How Much Money Can I Make Day Trading Futures?

See the profit a risk controlled futures day trading strategy can produce

Learn how much you can make day trading futures from home. Getty Images

If you've wondered about the potential of day trading futures, then the following scenarios will show you what a risk controlled strategy could make. How much is made will vary by the market environment. During volatile times, when price moves are bigger, there's greater potential; when price moves are smaller there's typically less potential each day. Performance also varies by trader and is affected by the risk/reward of each trade, win rate and how many trades are taken.

Futures Day Trading Risk Management

Every successful futures day trader manages their risk; it's one of, if not the, most crucial elements of profitability.

Keep risk on each trade very small, 1% or less is typical. This means if you have a $30,000 account you shouldn't lose more than $300 on a single trade. Losses occur, and even a good day trading strategy will see strings of losses.

Risk is managed using a stop loss order, discussed in the Scenarios sections below.

Futures Day Trading Strategy

While a strategy has potentially many components and can be analyzed for profitability in various ways, it's often ranked based on its win-rate and reward/risk ratio.

Win-rate is how many trades are won out of a given number. If you win 55 out of 100 trades the win rate is 55%. While it isn't required, having a win rate above 50% is ideal for most day traders. 55% to 60% is acceptable and attainable.

Reward/risk determines how much is risked to attain a profit.

If a trader loses 5 ticks on a losing trade, but makes 8 ticks on their winning trades,even if they only win 50% of their trades they'll be profitable.
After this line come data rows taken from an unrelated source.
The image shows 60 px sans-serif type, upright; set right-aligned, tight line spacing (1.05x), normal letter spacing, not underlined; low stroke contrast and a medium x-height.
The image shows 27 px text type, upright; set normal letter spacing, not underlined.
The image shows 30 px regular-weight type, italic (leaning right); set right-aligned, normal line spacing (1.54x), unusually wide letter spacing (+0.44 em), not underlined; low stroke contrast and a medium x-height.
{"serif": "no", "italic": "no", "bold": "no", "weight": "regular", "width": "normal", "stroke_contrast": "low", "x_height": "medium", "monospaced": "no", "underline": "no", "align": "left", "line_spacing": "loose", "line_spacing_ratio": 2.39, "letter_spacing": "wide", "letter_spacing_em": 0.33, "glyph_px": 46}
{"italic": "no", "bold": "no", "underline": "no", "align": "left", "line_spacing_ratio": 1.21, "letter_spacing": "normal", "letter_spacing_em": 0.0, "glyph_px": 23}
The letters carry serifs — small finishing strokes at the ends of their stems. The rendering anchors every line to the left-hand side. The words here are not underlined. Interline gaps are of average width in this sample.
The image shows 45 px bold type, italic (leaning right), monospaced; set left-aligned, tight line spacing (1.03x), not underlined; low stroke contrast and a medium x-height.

Therefore, making more on winners is also a strategy component many futures day traders strive for.

A higher win-rate means more flexibility with your reward/risk, and a high reward/risk means your win-rate can be lower and you can still be profitable.

Scenario: How Much Money Can I Make Day Trading Futures?

Assume a trader has $7,000 in capital and a 55% win-rate. They risk only 1% of their capital ($70) per trade. This is accomplished by using a stop loss. For this scenario, a stop loss order is placed 5 ticks away from the entry price, and a target is placed 8 ticks away.

Trading one E-mini S&P 500 futures (ES), the risk on the trade is 5 x $12.5 = $62.5, which is less than our $70 max risk, and leaves some room for commission costs. A winning trade on one contract equals $100, or 8 x $12.50. Commissions will be dealt with later.

This means that the potential reward on each trade is 1.6 times great than the risk (8/5); we want winners to be bigger than losers. This is the reward/risk ratio taught to new students at the Day Trading Academy, and it works well.

Assume that volatility permits a trader to make five round turn trades per day (round turn includes an entry and exit) using the above parameters. If there are 20 trading days in a month, the trader is making 100 trades, on average, in a month.

Now, let's see how much a futures day trader can make in a month:

  • 55 trades were profitable: 55 x $100 = $5,500
  • 45 trades were losers: 45 x ($62.5) = ($2,812.5)

    Gross profit is $5,500 - $2,812.50 = $2,687.5 

    Assume commissions and fees of $4.12 per round-turn trade.

    Net profit is $2,687.50 - $412 = $2,275.50 

    Assuming a net profit of $2,275.50, the return on the account for the month is 32.5% ($2,275.50/$7,000). This may seem very high, and it is a very good return. See Refinements below to see how this return may be affected. Had you risked 2% per traded, which would allow you to trade two contracts per trade using the same $7000 account, the return would be double: 65% (assuming same trading stats). See How to Determine Proper Futures Position Size.


    It isn't always possible to find five good day trades a day, especially when the market is moving very slowly for extended periods of time. It's also possible that during low volatility times attaining the eight tick target isn't even possible, which means some trades will be exited for a smaller gain.

    The same is also true for losses, though; a trader exercising discretion over their trades may not always lose the full five ticks. 

    Slippage is an inevitable part of trading. It occurs when a larger loss than expected occurs, even when using a stop loss order. In liquid markets, such as the E-mini S&P 500, slippage isn't usually a major concern.

    Adjust this scenario accordingly based on your stop and target, capital, slippage, win rate, position sizes, and commissions. 

    How Much Money Can I Make Day Trading Futures? - Final Word

    This simple risk-controlled strategy indicates that with a 55% win rate, and making more on winners than is lost on losers, it's possible to attain returns north of 20% per month day trading futures. Most traders shouldn't expect to make this much; while it sounds easy, in reality, it's more difficult. Even so, with a decent win rate and reward/risk ratio a dedicated retail futures day trader with a decent strategy should be able to make more than 10% month. Not a lot of capital is needed to trade futures; in this scenario, $7,000 was used.